The European Banking Authority called Wednesday upon banks to better take into account climate-related risks when setting their business goals and strategies.
The EBA, which is responsible for setting the rules for regulating and supervising banks in EU countries, issued a report on environmental, social and governance (ESG) risks.
ESG criteria are used to measure the impact and sustainability of companies and a growing number of investors are requiring commitments.
In its report, the EBA said both regulators and financial institutions need to explicitly take into consideration ESG risks.
‘The management of ESG risks by institutions, in addition to the incorporation of ESG risks in supervision should, in an initial stage, give particular prominence to climate-related and broader environmental risks,’ said the EBA.

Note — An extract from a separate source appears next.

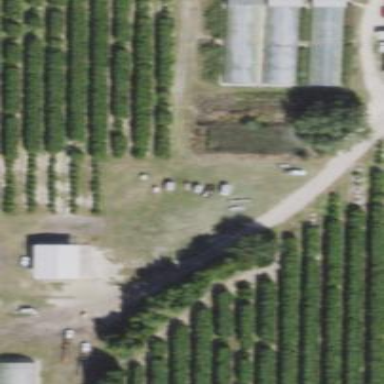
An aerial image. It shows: Plant nursery cultivating trees.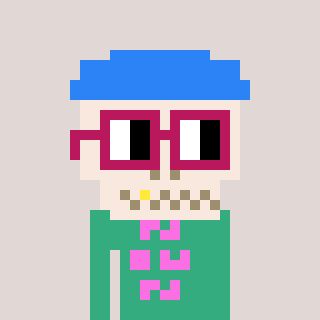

It urged financial institutions to incorporate ESG risks when setting business strategies, and to extend the time horizon for strategic planning to 10 years and test the resilience of strategies to different scenarios.
The EBA also urged banks to set and disclose their ESG risk-related strategic objectives, including any related performance indicators.
The authority called on banking regulators in EU countries to look at ESG risks when they assess the business models of banks, and urged them to extend the time horizon for review to 10 years.
The EBA carries out annual ‘stress tests’ of European banks to evaluate whether they would be able to withstand adverse events.
Last month it released the results of a pilot review of the climate risks of banks, which found the need for a harmonised approach and common metrics to address and mitigate potential disruptive impacts upon lenders from environmental risks.